Jacquard's father was a silk weaver and his mother a pattern maker, but he pursued careers as a plasterer, cutler, type founder, and soldier, before he found an interest in his father's loom and began weaving fabric experimentally. His early career was during the period of the French Revolution and so he did not begin seriously to weave until the early years of Napoleon's reign. In 1803 Jacquard traveled to England to construct a loom to fabricate fish nets for the London Society of Arts. In February 1804 he completed the loom and was presented with the society's gold medal for his services, and 3000 FF for his efforts. Napoleon heard of Jacquard's achievements in England and summoned him to Paris to join the Conservatoire des Arts to work on looms for the Republic. Jacquard took the opportunity to study the automatic loom created by Jacques de Vaucanson in 1745, which, in turn, was based on the design of Falcon (1728), and used punched tape. [Vaucanson is perhaps most noted for his construction of a mechanical duck in 1738. The duck quacked, bathed, drank water, ate grain, digested it, and voided. It was described in detail by Voltaire.] Jacquard improved on Vaucanson's design by using punched cards to control the patterns which were to be woven. The cards were interconnected into a "program" and, as the weaving progressed, the cards passed over a perforated four-sided drum against which a set of needles, connected by wires to the warp threads, moved. The movement of the needles through the holes in the cards lifted the warp threads, allowing the filling threads to be passed over or under the warp, thus creating the pattern.

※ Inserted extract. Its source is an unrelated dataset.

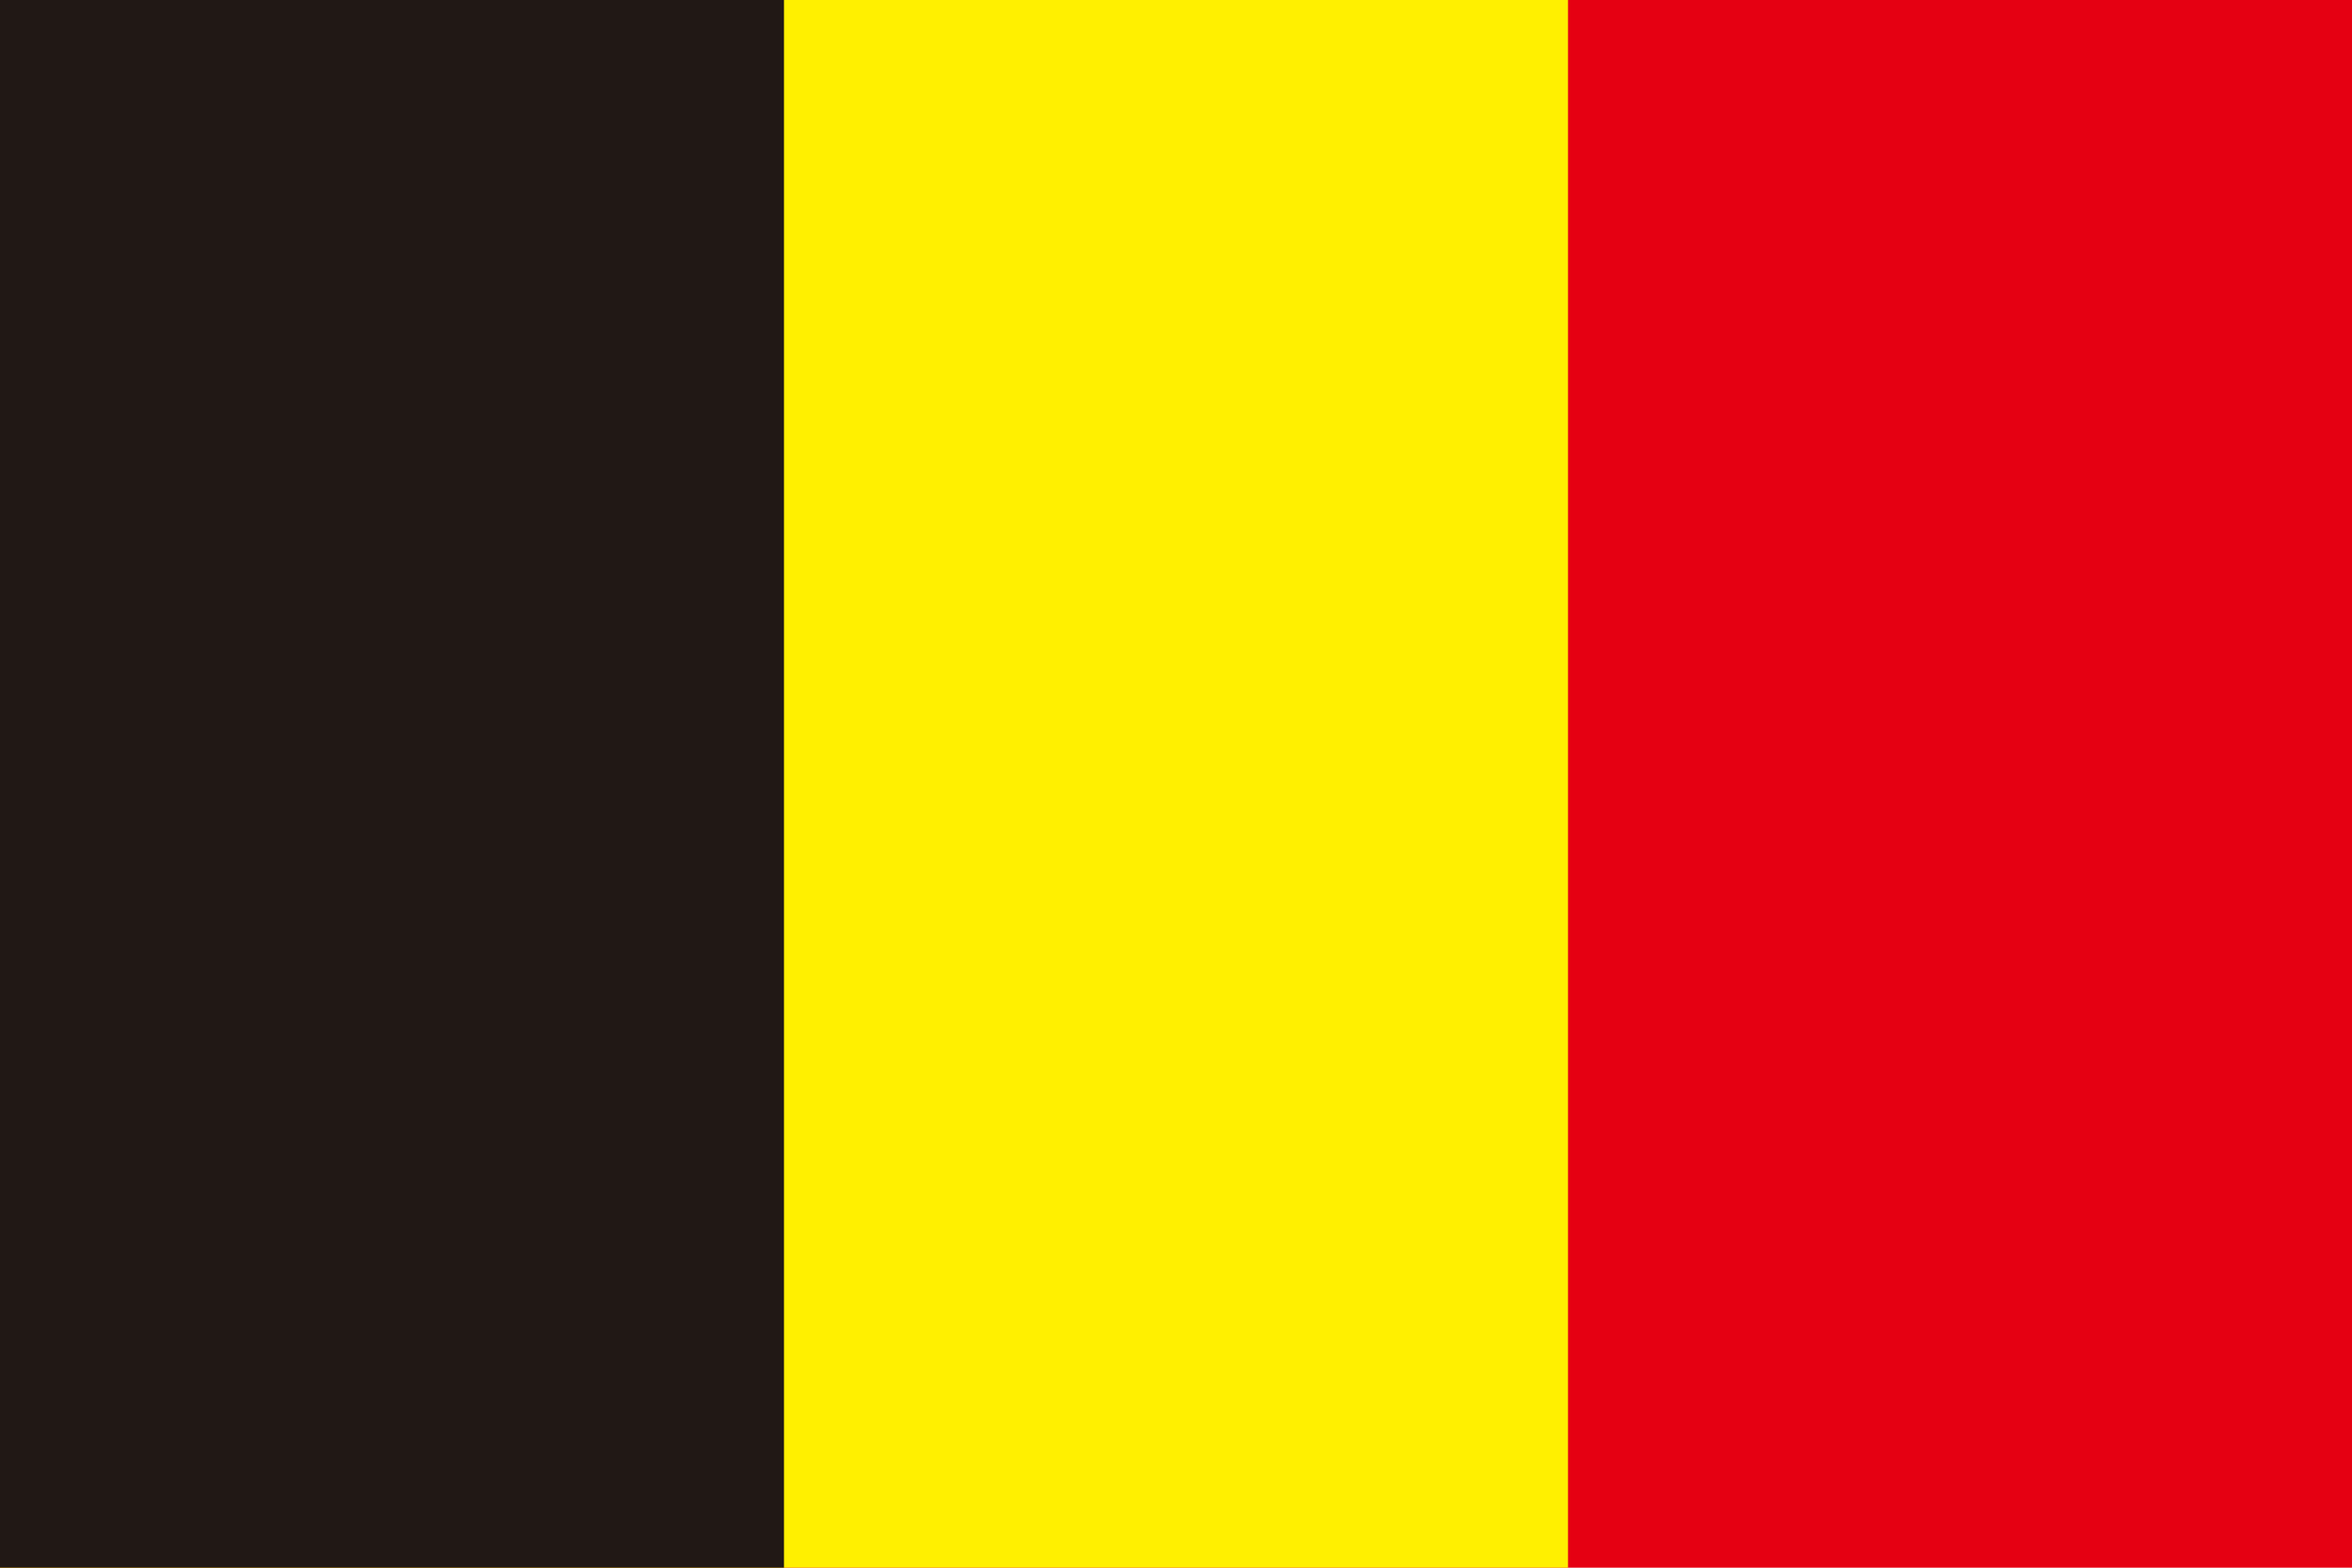 <svg xmlns="http://www.w3.org/2000/svg" id="_色修正" viewBox="0 0 900 600"><defs><style>.cls-1{fill:#211815;}.cls-1,.cls-2,.cls-3{stroke-width:0px;}.cls-2{fill:#e50012;}.cls-3{fill:#fff000;}</style></defs><rect class="cls-2" width="900" height="600"/><rect class="cls-3" width="600" height="600"/><rect class="cls-1" width="300" height="600"/></svg>

In 1806 Napoleon, pleased with Jacquard's progress, granted him a pension of 3000 FF on condition that he move his operations to the city of Lyons. However, the fear of automation preceded Jacquard and he was forced to flee for his life from the anger of weavers who believed that they were about to lose their livelihood. Against these odds Jacquard persevered and eventually Lyons became the major center of weaving using the Jacquard loom. By the time that Jacquard died in 1834, over 30,000 looms existed in Lyons alone. Jacquard looms, only slightly modified, are still in use today and are the source of exquisite fabrics for furniture.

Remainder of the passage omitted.